Temperature changes can cause water to change its state. When the temperature drops to 0°C, water is converted into ice and vice versa. Molecular simulations have provided insight into the microscopic mechanisms underlying homogeneous ice nucleation. However, these simulations have so far proven prohibitively expensive.
A team from Princeton University has successfully used artificial intelligence (AI) to solve equations that control the quantum behavior of individual atoms and molecules to replicate the early stages of ice formation. The simulation shows how water molecules transition into solid ice with quantum accuracy.
Roberto Car, Princeton’s Ralph W. *31 Dornte Professor in Chemistry, who co-pioneered the approach of simulating molecular behaviors based on the underlying quantum laws more than 35 years ago, said, “In a sense, this is like a dream come true. Our hope then was that eventually, we would be able to study systems like this one. Still, it was impossible without further conceptual development, and that development came via a completely different field, that of artificial intelligence and data science.”
Modeling the early stages of freezing water, the ice nucleation process could increase the precision of climate and weather modeling and other processes like flash-freezing food. The new approach could help track the activity of hundreds of thousands of atoms over thousands of times longer periods, albeit still just fractions of a second, than in early studies.
Scientists come up with this approach using quantum mechanical laws to predict the physical movements of atoms and molecules. How atoms associate with one another to form molecules and how molecules associate with one another to make common objects are both governed by quantum mechanical laws.
Scientists trained a neural network to recognize a comparatively small number of selected quantum calculations. Once trained, the neural network can calculate the forces between atoms that it has never seen before with quantum mechanical accuracy. This “machine learning” approach is already used in everyday applications such as voice recognition and self-driving automobiles.
In 2018, scientists found a way to apply AI to modeling quantum-mechanical interatomic forces. That approach is known as deep potential molecular dynamics.
In this study, scientists applied these techniques to simulating ice nucleation. They used deep potential molecular dynamics to run simulations of up to 300,000 atoms using significantly less computing power. They conducted simulations on Summit, one of the world’s fastest supercomputers, at Oak Ridge National Laboratory.
Pablo Debenedetti, Princeton’s dean for research and the Class of 1950 Professor of Engineering and Applied Science and a co-author of the new study, said, “This work provides one of the best studies of ice nucleation.”
“Ice nucleation is one of the major unknown quantities in weather prediction models. This is quite a significant step forward because we see good agreement with experiments. We’ve been able to simulate extensive systems previously unthinkable for quantum calculations.”
Athanassios Panagiotopoulos, the Susan Dod Brown Professor of Chemical and Biological Engineering and a co-author of the study, said, “The deep potential methodology used in our study will help realize the promise of ab initio molecular dynamics to produce valuable predictions of complex phenomena, such as chemical reactions and the design of new materials.”

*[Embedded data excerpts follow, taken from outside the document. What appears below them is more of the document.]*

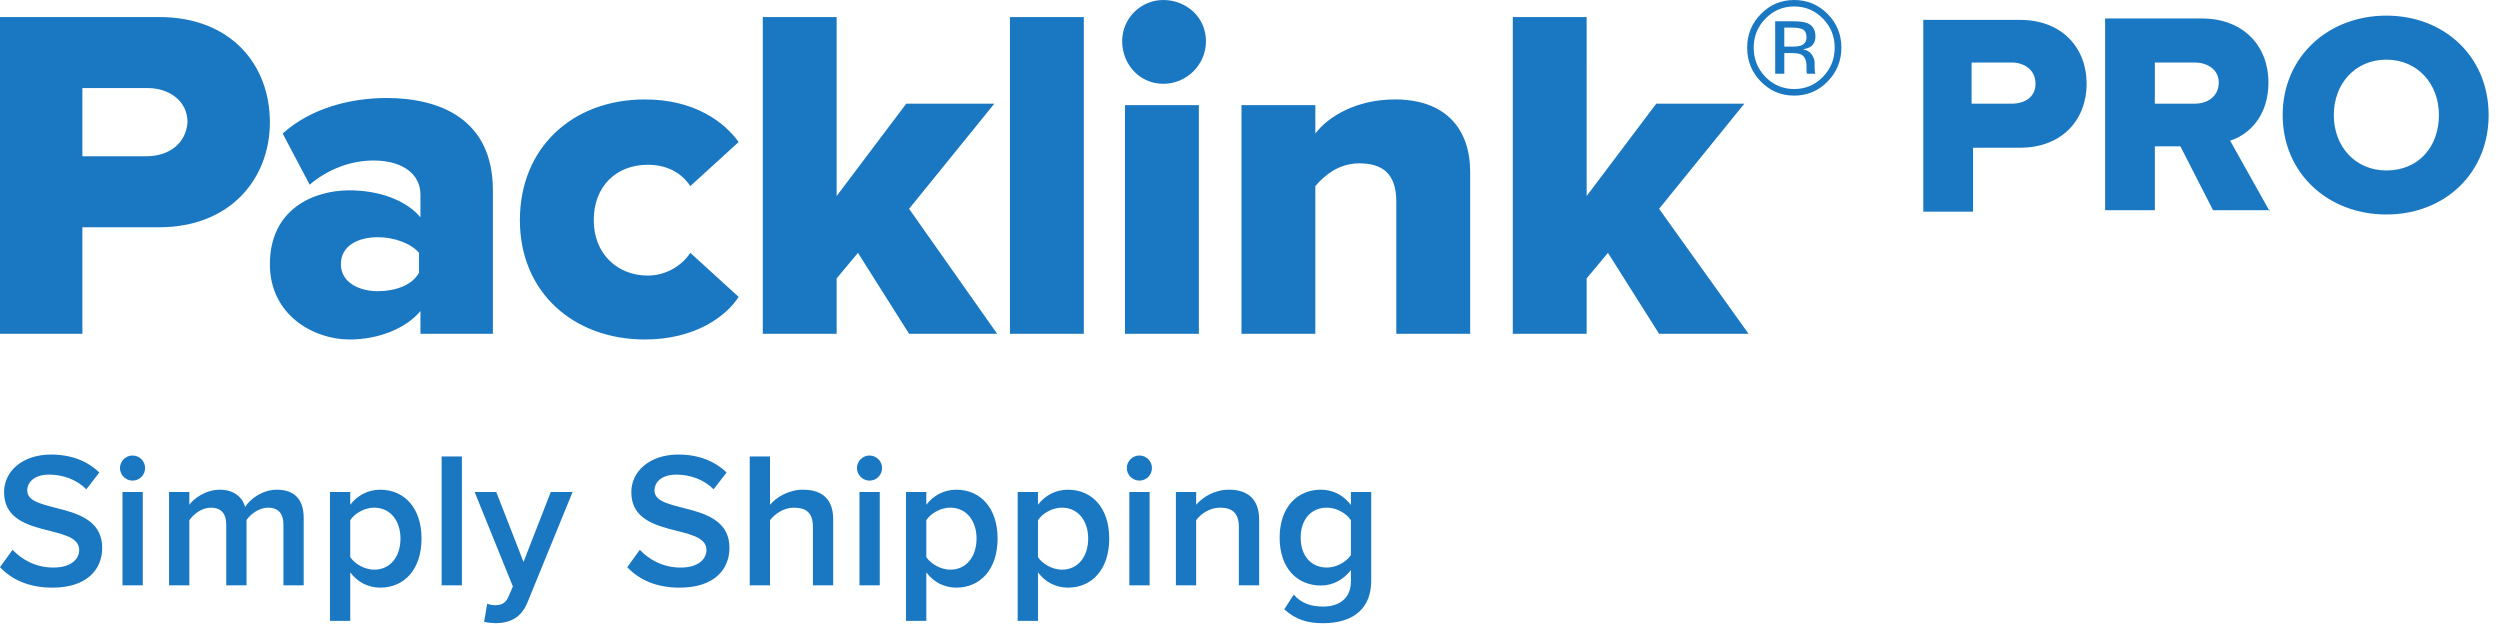 <svg viewBox="0 0 176 44" xmlns="http://www.w3.org/2000/svg" xmlns:xlink="http://www.w3.org/1999/xlink">
    <title>Packlink Pro</title>
    <g fill="#1A77C2" fill-rule="evenodd">
        <path d="M138.9 14.9v-4.5h3.3c3 0 4.7-2 4.7-4.5s-1.7-4.5-4.7-4.5h-6.8v13.5h3.5zm2.7-7.6h-2.8V4.4h2.8c.9 0 1.7.5 1.7 1.5 0 .9-.7 1.4-1.7 1.4zm18.2 7.6l-2.8-5c1.3-.4 2.7-1.7 2.7-4.1 0-2.5-1.7-4.5-4.7-4.5h-6.8v13.5h3.5v-4.5h1.8l2.3 4.5h4v.1zm-5.3-7.6h-2.8V4.4h2.8c.9 0 1.7.5 1.7 1.4 0 1-.8 1.5-1.7 1.5zm13.5 7.8c4.1 0 7.2-2.9 7.2-7s-3.1-7-7.2-7-7.3 2.9-7.3 7 3.2 7 7.3 7zm0-3.1c-2.2 0-3.7-1.7-3.7-3.9s1.5-3.9 3.7-3.9 3.7 1.7 3.7 3.9-1.4 3.9-3.7 3.9zM5.8 23.5V16h5.4c5 0 7.8-3.4 7.8-7.4s-2.7-7.4-7.8-7.4H0v22.3h5.8zM10.3 11H5.8V6.2h4.6c1.5 0 2.8.9 2.8 2.4-.1 1.5-1.3 2.4-2.9 2.4zm24.4 12.5V13.4c0-5-3.7-6.5-7.5-6.5-2.5 0-5.3.7-7.3 2.5l1.9 3.6c1.3-1.1 2.9-1.7 4.5-1.7 2.1 0 3.3 1 3.3 2.4v1.6c-1-1.2-2.9-1.9-5-1.9-2.5 0-5.6 1.3-5.6 5.2 0 3.6 3.1 5.3 5.6 5.3 2.1 0 4-.8 5-2v1.6h5.1zm-8.1-3c-1.3 0-2.6-.6-2.6-1.9 0-1.3 1.2-1.9 2.6-1.9 1.1 0 2.3.4 2.9 1.1v1.4c-.5.9-1.7 1.3-2.9 1.3zm18.8 3.4c3.5 0 5.7-1.6 6.6-3l-3.4-3.1c-.6.9-1.7 1.6-3 1.6-2.1 0-3.8-1.5-3.8-3.9s1.6-3.9 3.8-3.9c1.4 0 2.4.6 3 1.5L52 10c-1-1.4-3.1-3-6.6-3-5.1 0-8.8 3.4-8.8 8.5s3.8 8.4 8.8 8.4zm24.8-.4L64 14.7l6-7.4h-6.2l-4.9 6.5V1.2h-5.2v22.3h5.2v-3.9l1.5-1.8 3.6 5.7h6.2zm6.1 0V1.2h-5.2v22.3h5.2zm5.6-17.6c1.6 0 3-1.3 3-3S83.5 0 81.9 0 79 1.3 79 2.9c0 1.6 1.2 3 2.9 3zm2.5 17.6V7.4h-5.2v16.1h5.2zm19.1 0V12.1c0-3-1.7-5.1-5.3-5.1-2.7 0-4.7 1.2-5.6 2.4v-2h-5.2v16.1h5.2V13.1c.6-.7 1.6-1.6 3.1-1.6 1.6 0 2.6.7 2.6 2.7v9.3h5.2zm19.6 0l-6.3-8.8 6-7.4h-6.2l-4.9 6.5V1.2h-5.2v22.3h5.2v-3.9l1.5-1.8 3.6 5.7h6.3zm1.193-22.194c-.555.565-.832 1.248-.832 2.048 0 .806.276 1.493.827 2.061.555.568 1.228.852 2.021.852.793 0 1.467-.284 2.021-.852.555-.568.832-1.255.832-2.061 0-.8-.277-1.483-.832-2.048-.558-.568-1.231-.852-2.021-.852-.787 0-1.459.284-2.017.852zm4.368 4.435c-.648.66-1.432.99-2.351.99-.919 0-1.702-.33-2.347-.99C123.321 5.083 123 4.288 123 3.353c0-.925.324-1.716.972-2.373C124.617.327 125.396 0 126.31 0c.919 0 1.703.327 2.351.98.648.654.972 1.445.972 2.373 0 .931-.324 1.727-.972 2.387zm-1.725-3.66c-.161-.092-.42-.137-.775-.137h-.547v1.338h.579c.271 0 .475-.027.61-.082.25-.101.375-.293.375-.577 0-.269-.081-.449-.242-.541zm-.69-.582c.452 0 .784.044.995.133.377.159.565.47.565.935 0 .33-.119.573-.357.728-.127.082-.303.142-.529.179.286.046.496.166.629.362.133.195.199.386.199.573v.27c0 .086.003.177.009.275.006.098.017.162.032.192l.023.046h-.601c-.003-.012-.006-.024-.009-.037-.003-.012-.006-.026-.009-.041l-.014-.119v-.293c0-.428-.115-.71-.344-.848-.136-.079-.374-.119-.714-.119h-.506v1.457h-.642V1.498h1.275z" fill-rule="nonzero"/><path d="M3.686 41.37c2.448 0 3.509-1.292 3.509-2.802 0-3.386-5.277-2.339-5.277-4.026 0-.68.598-1.129 1.537-1.129.952 0 1.918.326 2.625 1.034l.911-1.183C6.147 32.449 5.005 32 3.59 32 1.605 32 .286 33.156.286 34.652c0 3.346 5.29 2.162 5.29 4.066 0 .598-.517 1.238-1.822 1.238-1.265 0-2.244-.585-2.87-1.251L0 39.929c.802.857 2.013 1.442 3.686 1.442zm5.644-7.534c.49 0 .884-.394.884-.884 0-.49-.394-.884-.884-.884-.476 0-.884.394-.884.884 0 .49.408.884.884.884zm.721 7.371v-6.569H8.622v6.569h1.428zm11.329 0v-4.746c0-1.333-.68-1.986-1.89-1.986-.979 0-1.85.612-2.23 1.21-.218-.721-.816-1.21-1.795-1.21-.993 0-1.863.653-2.135 1.061v-.898h-1.428v6.569h1.428v-4.583c.299-.435.884-.884 1.51-.884.775 0 1.088.476 1.088 1.183v4.284h1.428v-4.597c.286-.422.884-.87 1.523-.87.762 0 1.074.476 1.074 1.183v4.284h1.428zm5.386.163c1.7 0 2.91-1.292 2.91-3.454 0-2.162-1.21-3.441-2.91-3.441-.857 0-1.618.408-2.108 1.061v-.898h-1.428v9.071h1.428v-3.414c.53.707 1.278 1.074 2.108 1.074zm-.422-1.265c-.666 0-1.374-.408-1.686-.884v-2.598c.313-.49 1.02-.884 1.686-.884 1.129 0 1.85.911 1.85 2.176 0 1.278-.721 2.19-1.85 2.19zm6.174 1.102V32.136h-1.428v9.071h1.428zm1.564 2.57c.204.054.598.095.802.095 1.02-.014 1.809-.367 2.258-1.482l3.169-7.752h-1.537l-1.918 4.923-1.918-4.923h-1.523l2.693 6.65-.326.748c-.19.435-.49.571-.938.571-.163 0-.394-.041-.544-.109l-.218 1.278zm13.763-2.407c2.448 0 3.509-1.292 3.509-2.802 0-3.386-5.277-2.339-5.277-4.026 0-.68.598-1.129 1.537-1.129.952 0 1.918.326 2.625 1.034l.911-1.183C50.306 32.449 49.164 32 47.75 32c-1.986 0-3.305 1.156-3.305 2.652 0 3.346 5.29 2.162 5.29 4.066 0 .598-.517 1.238-1.822 1.238-1.265 0-2.244-.585-2.87-1.251l-.884 1.224c.802.857 2.013 1.442 3.686 1.442zm10.812-.163v-4.651c0-1.346-.707-2.081-2.122-2.081-1.034 0-1.89.544-2.326 1.061V32.136h-1.428v9.071h1.428v-4.583c.34-.449.966-.884 1.686-.884.802 0 1.333.313 1.333 1.333v4.134h1.428zm2.557-7.371c.49 0 .884-.394.884-.884 0-.49-.394-.884-.884-.884-.476 0-.884.394-.884.884 0 .49.408.884.884.884zm.721 7.371v-6.569h-1.428v6.569h1.428zm5.386.163c1.7 0 2.91-1.292 2.91-3.454 0-2.162-1.21-3.441-2.91-3.441-.857 0-1.618.408-2.108 1.061v-.898h-1.428v9.071h1.428v-3.414c.53.707 1.278 1.074 2.108 1.074zm-.422-1.265c-.666 0-1.374-.408-1.686-.884v-2.598c.313-.49 1.02-.884 1.686-.884 1.129 0 1.85.911 1.85 2.176 0 1.278-.721 2.19-1.85 2.19zm8.282 1.265c1.7 0 2.91-1.292 2.91-3.454 0-2.162-1.21-3.441-2.91-3.441-.857 0-1.618.408-2.108 1.061v-.898H71.645v9.071h1.428v-3.414c.53.707 1.278 1.074 2.108 1.074zm-.422-1.265c-.666 0-1.374-.408-1.686-.884v-2.598c.313-.49 1.02-.884 1.686-.884 1.129 0 1.85.911 1.85 2.176 0 1.278-.721 2.19-1.85 2.19zm5.454-6.27c.49 0 .884-.394.884-.884 0-.49-.394-.884-.884-.884-.476 0-.884.394-.884.884 0 .49.408.884.884.884zm.721 7.371v-6.569h-1.428v6.569h1.428zm7.711 0v-4.624c0-1.346-.707-2.108-2.122-2.108-1.034 0-1.877.544-2.312 1.061v-.898h-1.428v6.569h1.428v-4.583c.326-.449.952-.884 1.686-.884.802 0 1.319.34 1.319 1.36v4.107h1.428zm4.515 2.666c1.618 0 3.373-.639 3.373-3.006v-6.229H95.105v.911c-.53-.694-1.278-1.074-2.108-1.074-1.686 0-2.91 1.251-2.91 3.373 0 2.162 1.238 3.373 2.91 3.373.857 0 1.605-.435 2.108-1.088v.789c0 1.346-1.006 1.782-1.945 1.782-.87 0-1.55-.231-2.081-.843l-.666 1.034c.802.734 1.632.979 2.747.979zm.258-3.917c-1.129 0-1.85-.843-1.85-2.108 0-1.265.721-2.108 1.85-2.108.666 0 1.374.394 1.686.884v2.448c-.313.49-1.02.884-1.686.884z"/>
    </g>
</svg>

Pablo Piaggi, the study’s first author and a postdoctoral research associate in chemistry at Princeton, said, “The fact that we are studying very complex phenomena from the fundamental laws of nature, to me that is fascinating. The development of new techniques to study rare events, such as nucleation, using computer simulation. Rare events take place over timescales that are longer than the simulation times that can be afforded, even with the help of AI, and specialized techniques are needed to accelerate them.”
“Water molecules consist of two hydrogen atoms and an oxygen atom. The electrons around each atom determine how atoms can bond with each other to form molecules. We start with the equation that describes how electrons behave. Electrons determine how atoms interact, how they form chemical bonds and virtually the whole of chemistry.”
Car said, “The atoms can exist in millions of different arrangements. The magic is that because of some physical principles, the machine can extrapolate what happens in a relatively small number of configurations of a small collection of atoms to the countless arrangements of a much bigger system.”
Piaggi said, “Although AI approaches have been available for some years, researchers have been cautious about applying them to calculations of physical systems. When machine learning algorithms started to become popular, a big part of the scientific community was skeptical because these algorithms are a black box. Machine learning algorithms don’t know anything about physics, so why would we use them?”
“In the last couple of years, however, there has been a significant change in this attitude, not only because the algorithms work but also because scientists are using their knowledge of physics to inform the machine learning models.”
“It is satisfying to see the work started three decades ago come to fruition. The development came via something that was developed in a different field, that of data science and applied mathematics. Having this kind of cross interaction between different fields is very important.”